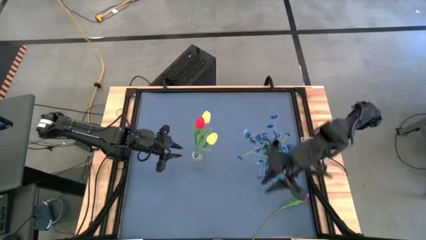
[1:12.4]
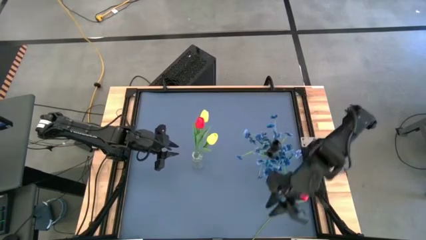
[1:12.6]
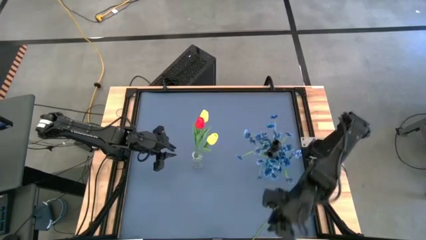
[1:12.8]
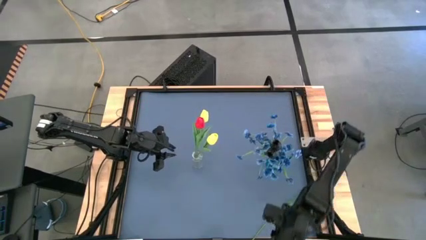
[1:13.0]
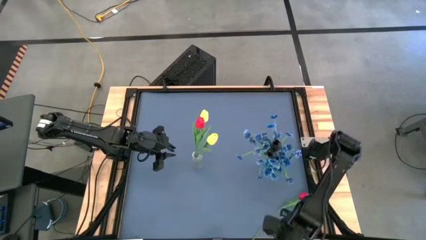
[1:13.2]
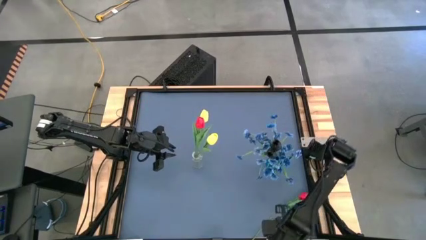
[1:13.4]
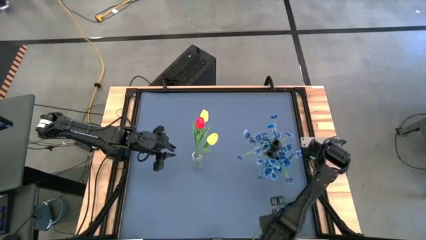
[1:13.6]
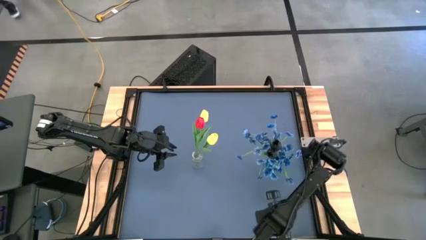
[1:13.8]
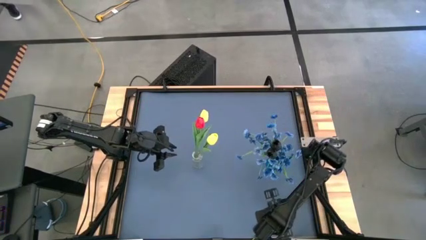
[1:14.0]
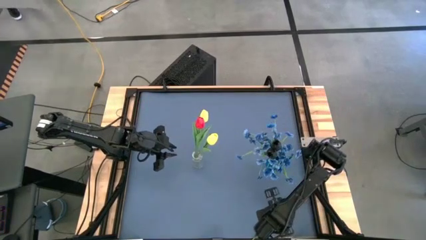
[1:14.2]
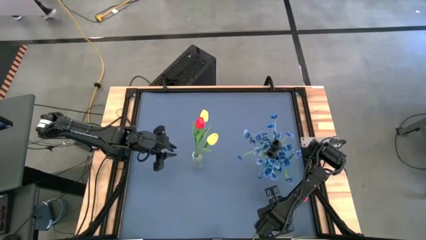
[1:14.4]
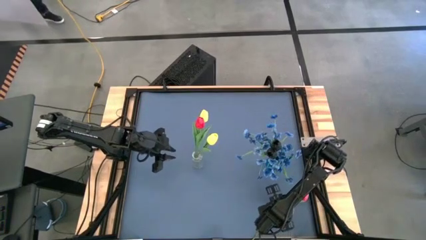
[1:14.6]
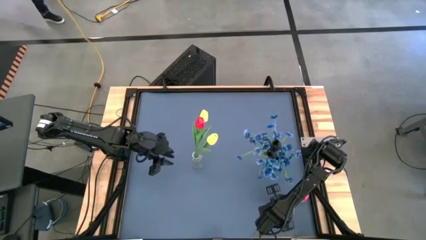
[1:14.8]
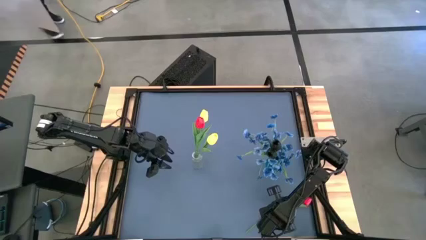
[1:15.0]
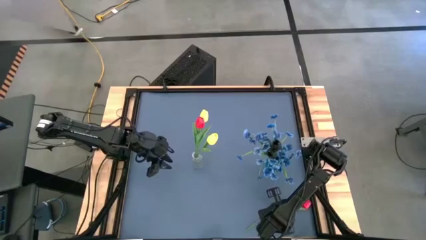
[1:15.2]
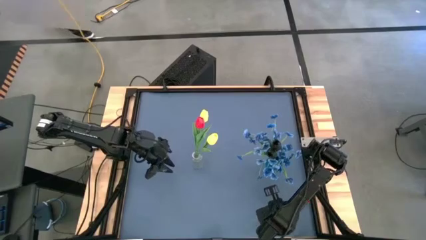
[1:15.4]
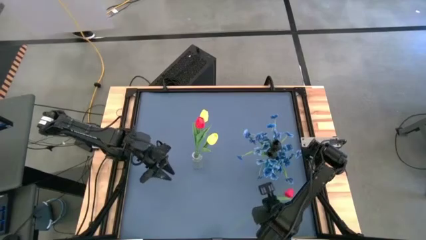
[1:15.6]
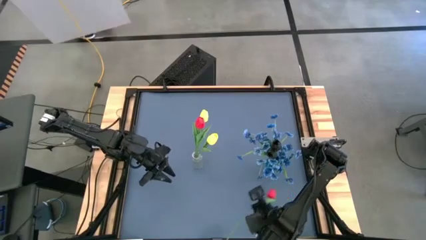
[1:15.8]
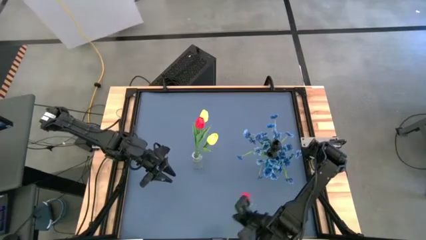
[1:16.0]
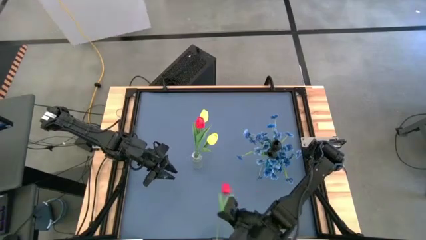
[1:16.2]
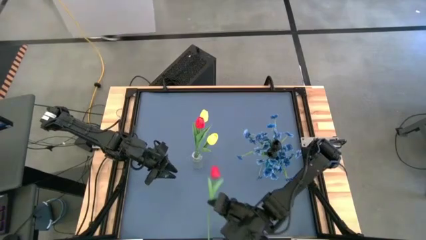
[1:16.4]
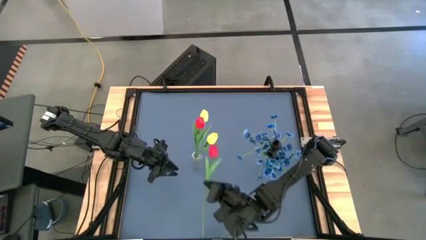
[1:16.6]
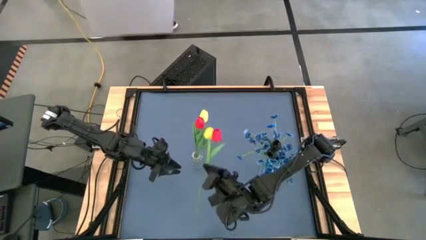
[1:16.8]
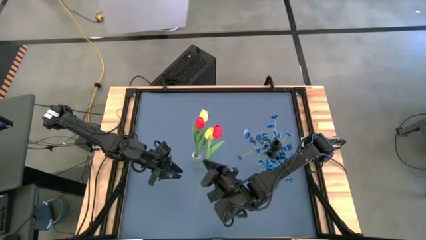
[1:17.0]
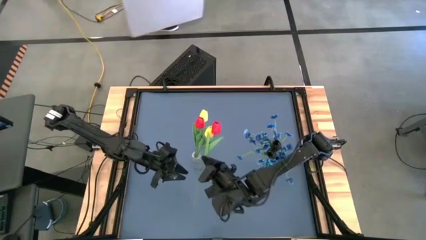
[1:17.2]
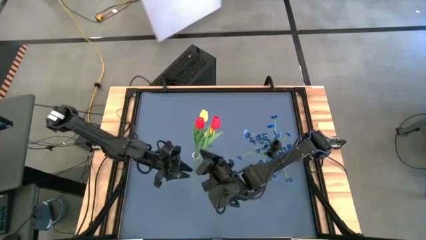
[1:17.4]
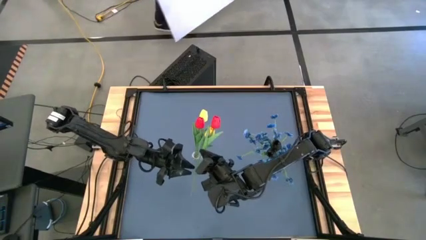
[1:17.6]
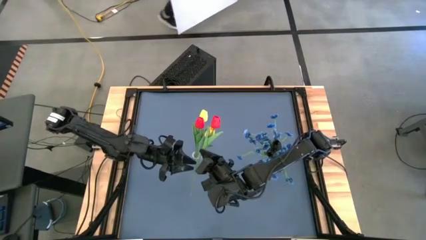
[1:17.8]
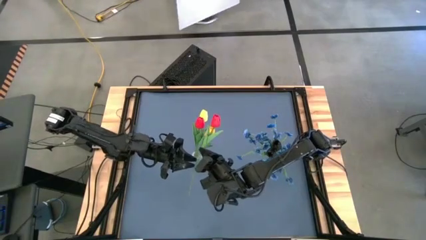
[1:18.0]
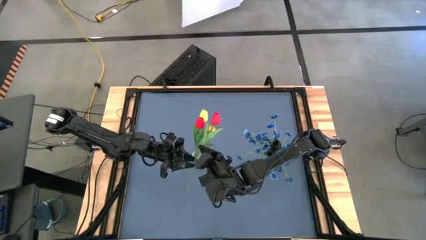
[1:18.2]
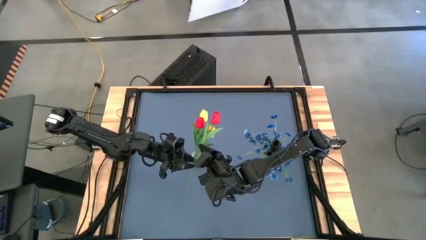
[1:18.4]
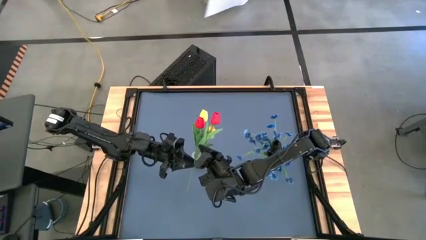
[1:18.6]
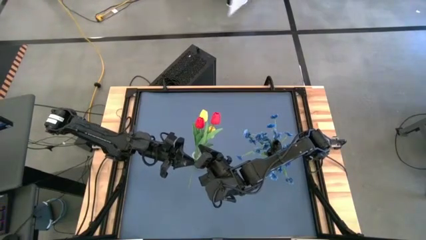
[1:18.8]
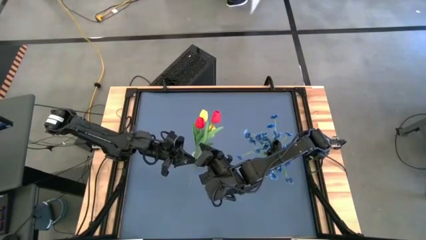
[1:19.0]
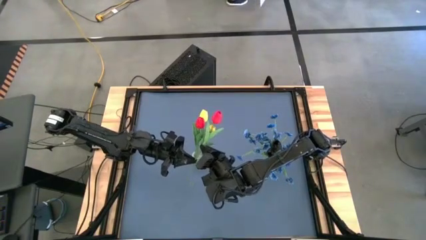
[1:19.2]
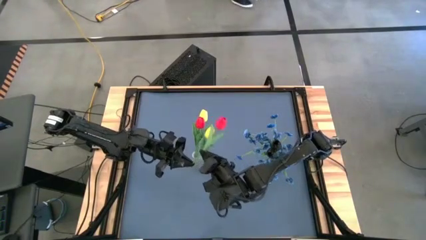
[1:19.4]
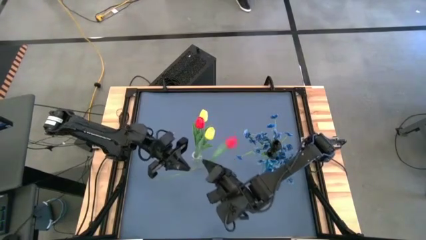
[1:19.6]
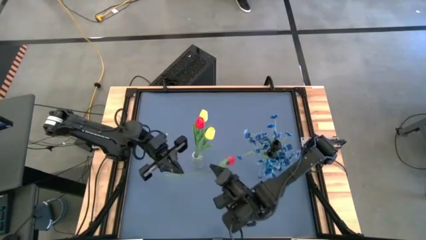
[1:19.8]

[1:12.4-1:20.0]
Put the red flower into the transparent vase

### What the task requires:
The listing above must be repeated exactly, apart from the pictures.

### Solution to this task:
[1:12.4]
[1:12.6]
[1:12.8]
[1:13.0]
[1:13.2]
[1:13.4]
[1:13.6]
[1:13.8]
[1:14.0]
[1:14.2]
[1:14.4]
[1:14.6]
[1:14.8]
[1:15.0]
[1:15.2]
[1:15.4]
[1:15.6]
[1:15.8]
[1:16.0]
[1:16.2]
[1:16.4]
[1:16.6]
[1:16.8]
[1:17.0]
[1:17.2]
[1:17.4]
[1:17.6]
[1:17.8]
[1:18.0]
[1:18.2]
[1:18.4]
[1:18.6]
[1:18.8]
[1:19.0]
[1:19.2]
[1:19.4]
[1:19.6]
[1:19.8]

[1:12.4-1:20.0]
Put the red flower into the transparent vase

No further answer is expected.